IBM scientists have been using the STM for two decades to study matter at the atomic scale, which Big Blue officials said could lead to innovations around computing and data storage. With the new technique using the STM, researchers can study the behavior of atoms at the nanosecond level, whereas before it was at the millisecond level, Heinrich said.

That's important, according to IBM. The difference between a nanosecond and a second is equivalent to the difference between a second and 30 years, according to company officials. Now, because of the new technique, scientists can see the physics that happens during that time that they couldn't have seen before.

"What this breakthrough is really about is [moving from] milliseconds to nanoseconds," Heinrich said.

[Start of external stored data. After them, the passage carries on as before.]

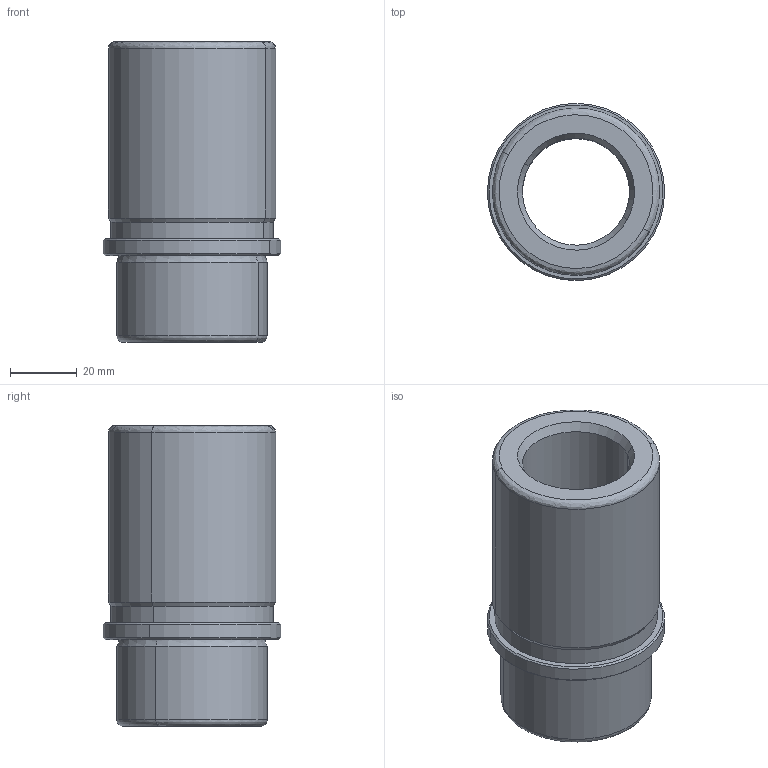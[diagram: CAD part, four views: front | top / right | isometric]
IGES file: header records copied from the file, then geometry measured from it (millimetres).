
Start section: START RECORD GO HERE.
Global section: file name: RDBG200L.329026.igs; native system: IBM CATIA IGES - CATIA Version 5 Release 19 ; preprocessor: CATIA Version 5 Release 19 ; author: Astroboy; organization: Astroboy-PC; date: 20170703.003359; units: millimetre
Bounding box: 52.99 x 52.99 x 90 mm (x, y, z)
Surface area: 25363.7 mm2 (no closed solid volume)
Topology: 0 solids, 0 shells, 30 faces, 125 edges, 129 vertices
Faces by surface type: revolution 26, plane 4
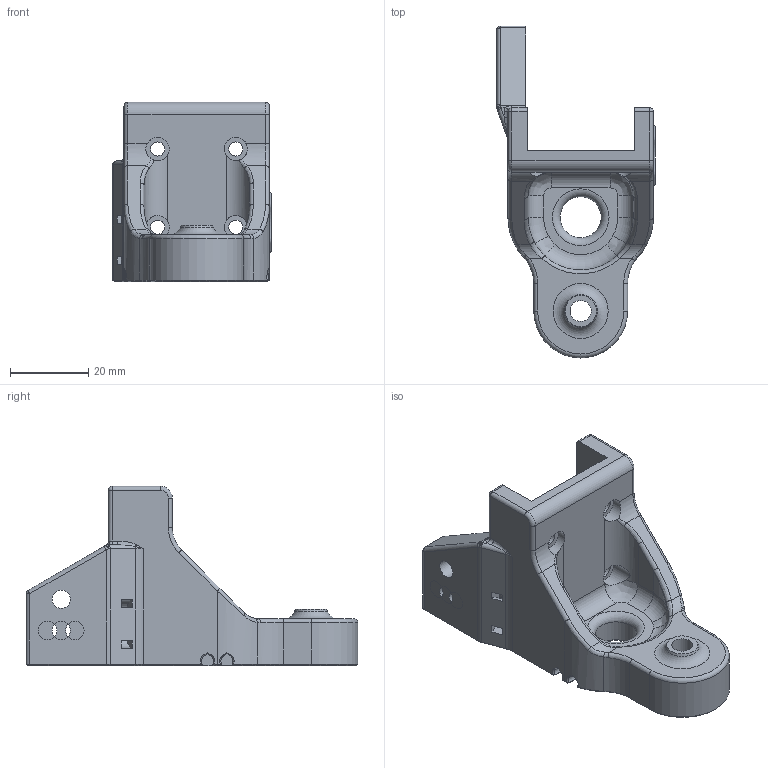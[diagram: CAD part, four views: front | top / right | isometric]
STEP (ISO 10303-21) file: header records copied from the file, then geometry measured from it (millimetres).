
FILE_DESCRIPTION(/* description */ (''),/* implementation_level */ '2;1');
FILE_NAME(/* name */ 'WobbleX-MGN12H_rear_Z.step',/* time_stamp */ '2023-04-03T07:54:17+02:00',/* author */ (''),/* organization */ (''),/* preprocessor_version */ 'ST-DEVELOPER v19.2',/* originating_system */ 'Autodesk Translation Framework v11.17.0.187',/* authorisation */ '');
FILE_SCHEMA (('AUTOMOTIVE_DESIGN { 1 0 10303 214 3 1 1 }'));
Length unit declared in the file: millimetre
Products named in the file (1): MGN12H-Z_Carriage
Bounding box: 40.6 x 84.9 x 45.9 mm (x, y, z)
Volume: 64928.5 mm3; surface area: 26573.5 mm2
Topology: 2 solids, 2 shells, 551 faces, 1381 edges, 846 vertices
Faces by surface type: plane 222, cylinder 133, bspline 88, cone 68, torus 32, sphere 8
Full cylindrical faces by diameter (mm): 3.6 x8, 4.7 x5, 5.4 x2, 6 x8, 10.5 x2
Entity records: 18569 total; most frequent: CARTESIAN_POINT 5703, ORIENTED_EDGE 2758, DIRECTION 2549, EDGE_CURVE 1379, AXIS2_PLACEMENT_3D 934, VERTEX_POINT 846, LINE 681, VECTOR 681

"This technique developed by the IBM Research team is a very important new capability for characterizing small structures and understanding what is happening at fast time scales," Michael Crommie, professor of physics at the University of California Berkeley and a faculty researcher at the Lawrence Berkeley National Labs, said in a statement. "I am particularly excited by the possibility of generalizing it to other systems, such as photovoltaics, where a combination of high spatial and time resolution will help us to better understand various nanoscale processes important for solar energy, including light absorption and separation of charge."

Previously, scientists had determined that an iron atom could hold data for a nanosecond. Now, with the new STM technique, they found that when putting a non-magnetic copper atom next to the iron atom, that iron atom could retain data for up to 200 nanoseconds. Being able to see that change means that scientists can now experiment to see how they can impact the behavior of atoms to get desired results. 

According to IBM, the breakthrough could impact quantum computers, which are systems that aren't bound by the binary nature of traditional computers. Gaining a greater understanding of the nature of atoms could lead to researchers being able to perform advanced computations that currently aren't possible.